_Prompt:_ The pictures are to be left out, and all remaining data is to be transcribed exactly as it appears.

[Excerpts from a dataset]
┌────────

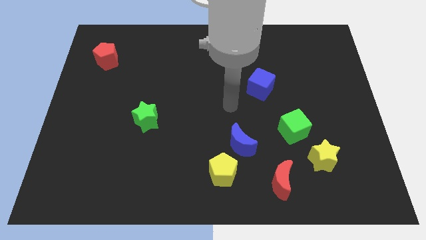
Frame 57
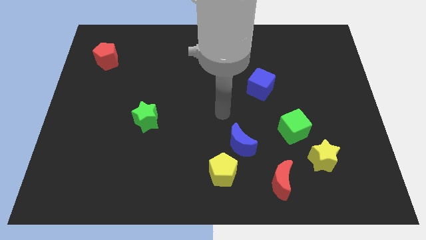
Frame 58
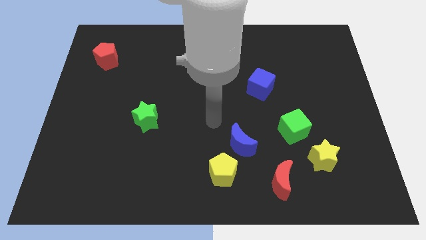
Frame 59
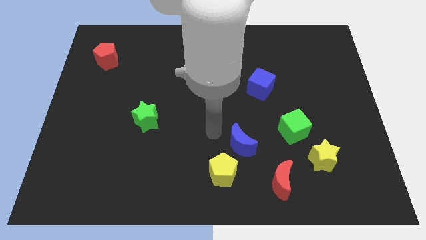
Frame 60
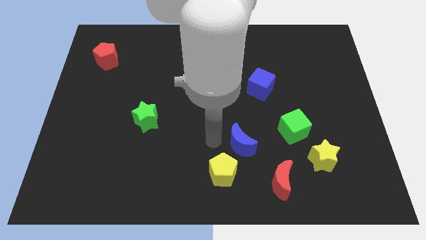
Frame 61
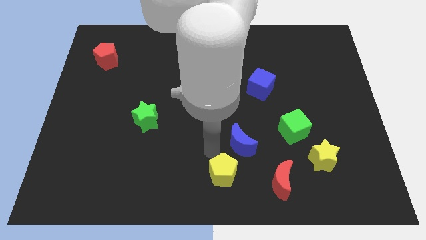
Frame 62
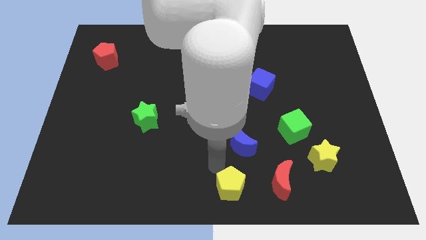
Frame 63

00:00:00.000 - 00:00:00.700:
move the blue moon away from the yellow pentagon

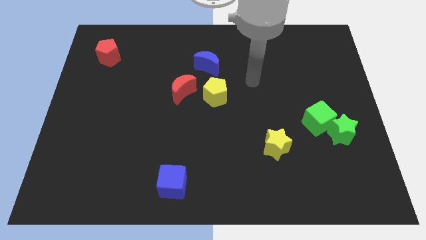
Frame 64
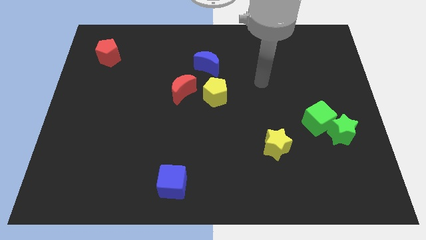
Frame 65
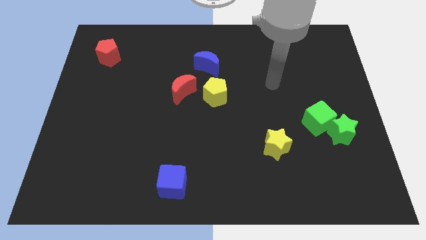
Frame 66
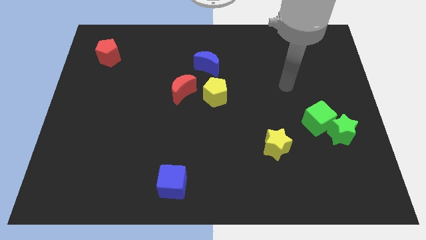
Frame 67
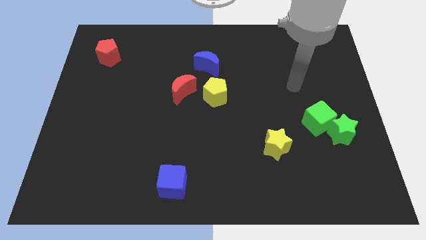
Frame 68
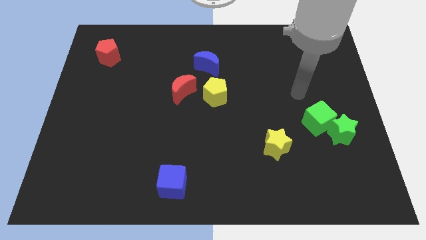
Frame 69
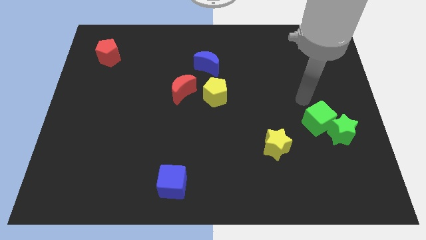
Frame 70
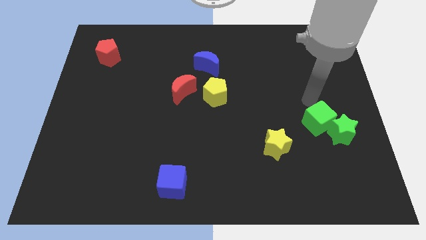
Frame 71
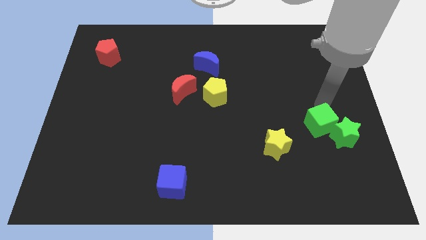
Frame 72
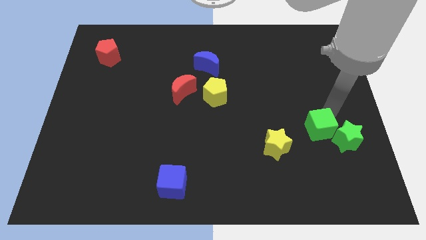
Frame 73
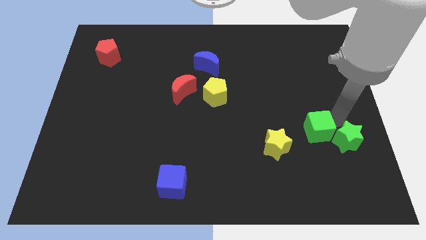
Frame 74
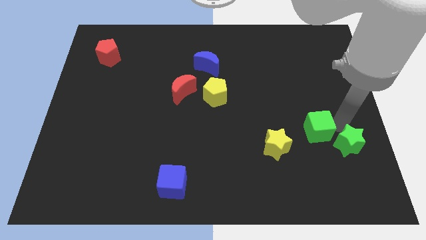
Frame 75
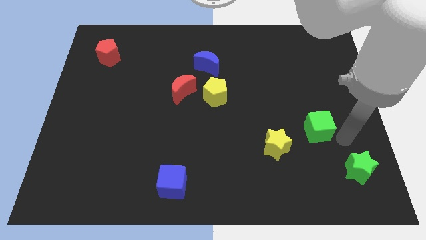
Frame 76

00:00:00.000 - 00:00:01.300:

└────────

_Finished task:_
Frame 57
Frame 58
Frame 59
Frame 60
Frame 61
Frame 62
Frame 63

00:00:00.000 - 00:00:00.700:
move the blue moon away from the yellow pentagon

Frame 64
Frame 65
Frame 66
Frame 67
Frame 68
Frame 69
Frame 70
Frame 71
Frame 72
Frame 73
Frame 74
Frame 75
Frame 76

00:00:00.000 - 00:00:01.300:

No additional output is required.